======== DATASET EXTRACT
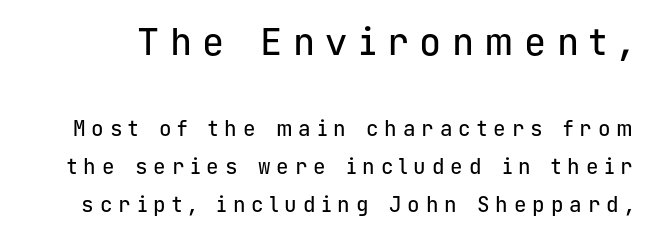
The area under the type is left untouched. These lines are rendered in a fixed-pitch font. Look at the tracking — it's clearly loosened, letters drifting apart. If you drew a line through each stem, it would be perfectly vertical. The rendering shrinks the type as you move from the upper chunk to the lower.
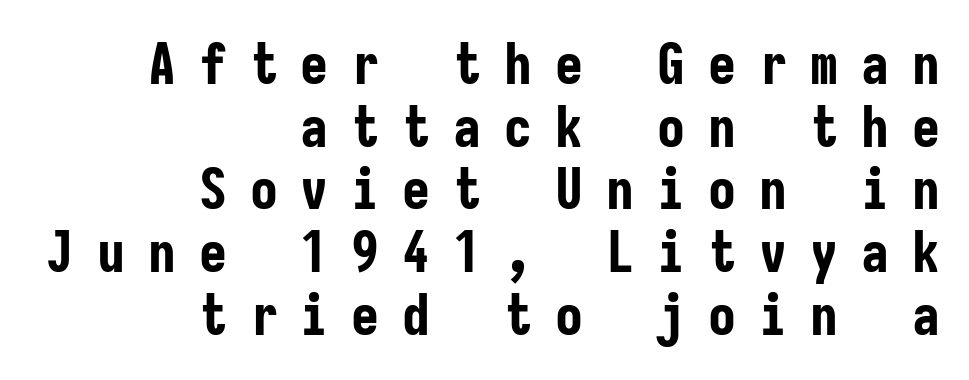
In terms of posture, this sample is upright. Which margin do the lines hug? The right one — the left edge is uneven. Words appear elongated and porous because spacing is wide. The face used here has the dense, thick strokes of a bold. This rendering features lettering with no underline. Honestly, the rows look squashed on top of each other.
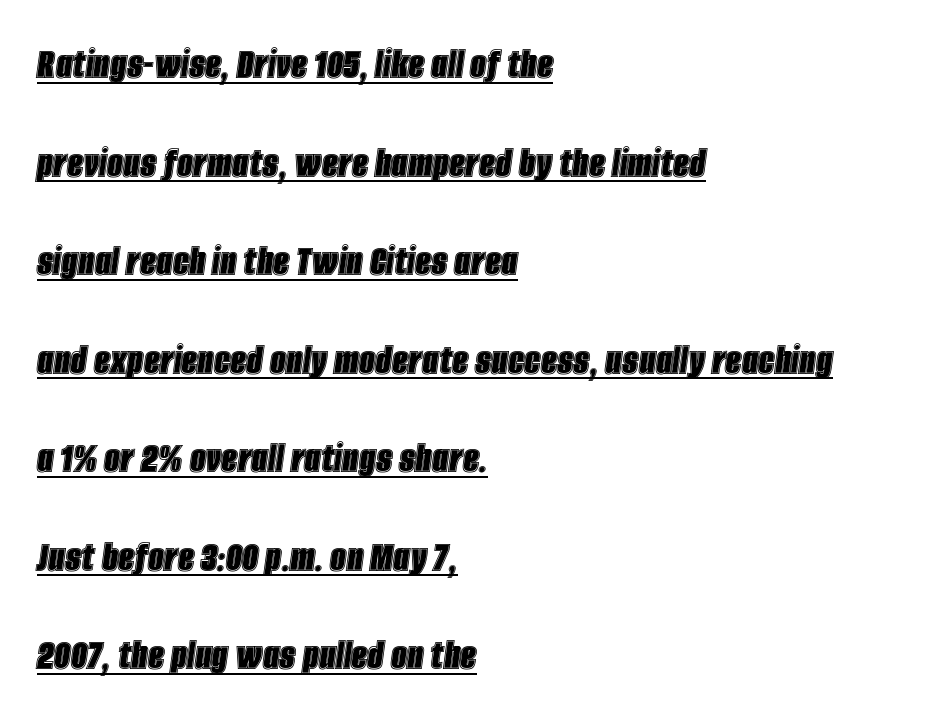
The image shows 45 px condensed type, italic (leaning right); set left-aligned, loose line spacing (2.19x), normal letter spacing, underlined; a large x-height.
================
**TASK DESCRIPTION**
May I have only the lines from the start of the data through the line containing "In terms of", both included, reproduced exactly and without the pictures?

**YOUR SOLUTION**
The area under the type is left untouched. These lines are rendered in a fixed-pitch font. Look at the tracking — it's clearly loosened, letters drifting apart. If you drew a line through each stem, it would be perfectly vertical. The rendering shrinks the type as you move from the upper chunk to the lower.
In terms of posture, this sample is upright. Which margin do the lines hug? The right one — the left edge is uneven. Words appear elongated and porous because spacing is wide. The face used here has the dense, thick strokes of a bold. This rendering features lettering with no underline. Honestly, the rows look squashed on top of each other.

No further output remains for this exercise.